Early look at RCS on iPhones shows that Apple has some work to do

An iMessage chat showing blue and green bubbles
(Image credit: Daniel Bader / Android Central)

What you need to know

  • An early dive into Apple's coming RCS support for iPhones in iOS 18 shows green bubbles, single and group chat functionality alongside file transfers.
  • Unfortunately, early RCS support on iPhones lacks proper E2EE for group chats and emoji reactions only work for iPhones.
  • Proper message replies aren't working as iPhone users can't send them and replies they receive appear as regular texts.

Shortly after Apple's usual WWDC event, those enrolled in its iOS 18 beta were able to surface its upcoming RCS support.

X user Dhinak made the discovery and posted a lengthy thread breaking down its availability and present features in the iOS 18 beta (via Android Authority). Early evidence shows that green bubbles are still used to denote Android users despite the existence of RCS — but that was expected.

Users on Android can message those on iPhone through a single RCS chat and group chat. Additionally, the X user discovered that file transfer work, meaning higher-quality audio files, photos, and other forms of media can be shared.

However, there are a few areas in which Apple drops the ball early on, beginning with a lack of E2EE (end-to-end encryption) in group chats. Emoji reactions seem to operate as a one-way street as only the iPhone user will see a "proper" reaction.

If an iMessage user reacts to an Android user's message, the latter will receive a new message saying "Liked," followed by your text in quotes.

Dhinak responded to a comment asking about replies — which don't work properly either. According to the tipster, replies appear "as regular messages" on an iPhone, and Apple users can't send replies, either.

Some technical details in the thread show that the RCS standard is limited to iPhones on T-Mobile and AT&T networks. Android phones attempting to use RCS with an iPhone user need to be on a T-Mobile plan, at least for now. 

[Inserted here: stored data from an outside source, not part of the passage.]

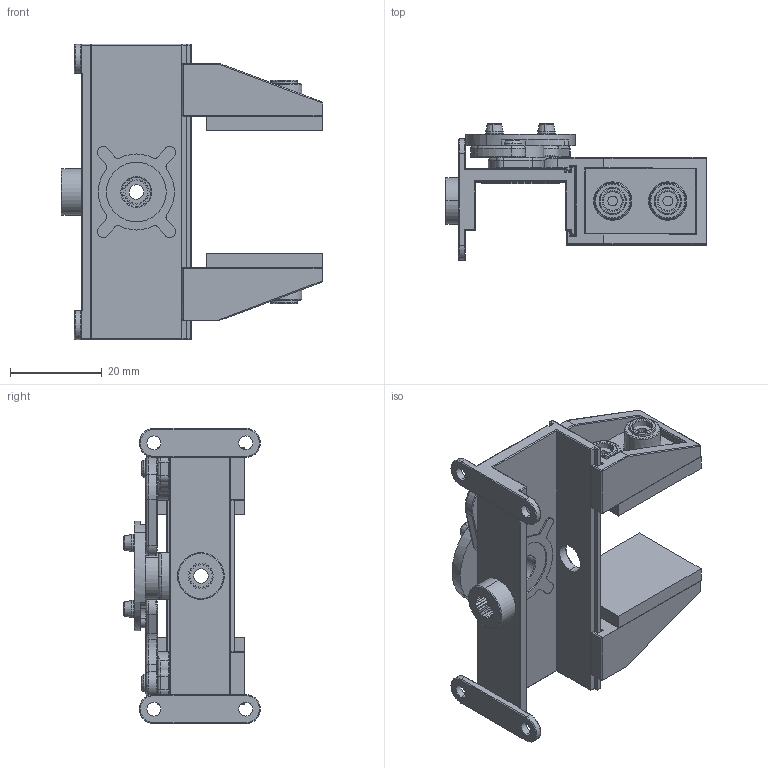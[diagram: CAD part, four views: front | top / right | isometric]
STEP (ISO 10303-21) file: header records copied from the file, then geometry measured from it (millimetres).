
FILE_DESCRIPTION (( 'STEP AP214' ), '1' );
FILE_NAME ('grip assembly.STEP', '2009-11-06T13:57:23', ( 'Eric Work' ), ( 'Hewlett-Packard' ), 'SwSTEP 2.0', 'SolidWorks 2009', '' );
FILE_SCHEMA (( 'AUTOMOTIVE_DESIGN' ));
Length unit declared in the file: inch
Products named in the file (8): gripper finger left; gripper finger right; gripper arm; gripper wheel; Spirol INS 20-M3-.226; gripper finger pad; gripper wrist; grip assembly
Assembly tree (12 placements, depth 2):
  grip assembly
    Spirol INS 20-M3-.226  x4
    gripper finger pad  x2
    gripper wheel
    gripper arm  x2
    gripper finger right
    gripper wrist
    gripper finger left
Bounding box: 57.07 x 29.74 x 64.36 mm (x, y, z)
Volume: 19341.8 mm3; surface area: 19263 mm2
Topology: 12 solids, 12 shells, 761 faces, 1828 edges, 1083 vertices
Faces by surface type: cylinder 317, plane 246, torus 132, cone 24, sphere 24, bspline 18
Entity records: 20154 total; most frequent: CARTESIAN_POINT 4044, DIRECTION 3492, ORIENTED_EDGE 3220, EDGE_CURVE 1610, AXIS2_PLACEMENT_3D 1322, VERTEX_POINT 972, LINE 848, VECTOR 848

More digging revealed that RCS is disabled by default on iPhones, meaning users must navigate to the settings to turn it on.

We've been expecting RCS support on Apple's iPhone ever since the company confirmed it was coming last November. Google has been pushing for it through its #GetTheMessage campaign for quite a while. Apple said that through RCS, it would " offer a better interoperability experience when compared to SMS or MMS." However, this early look shows that there's still more that needs polishing.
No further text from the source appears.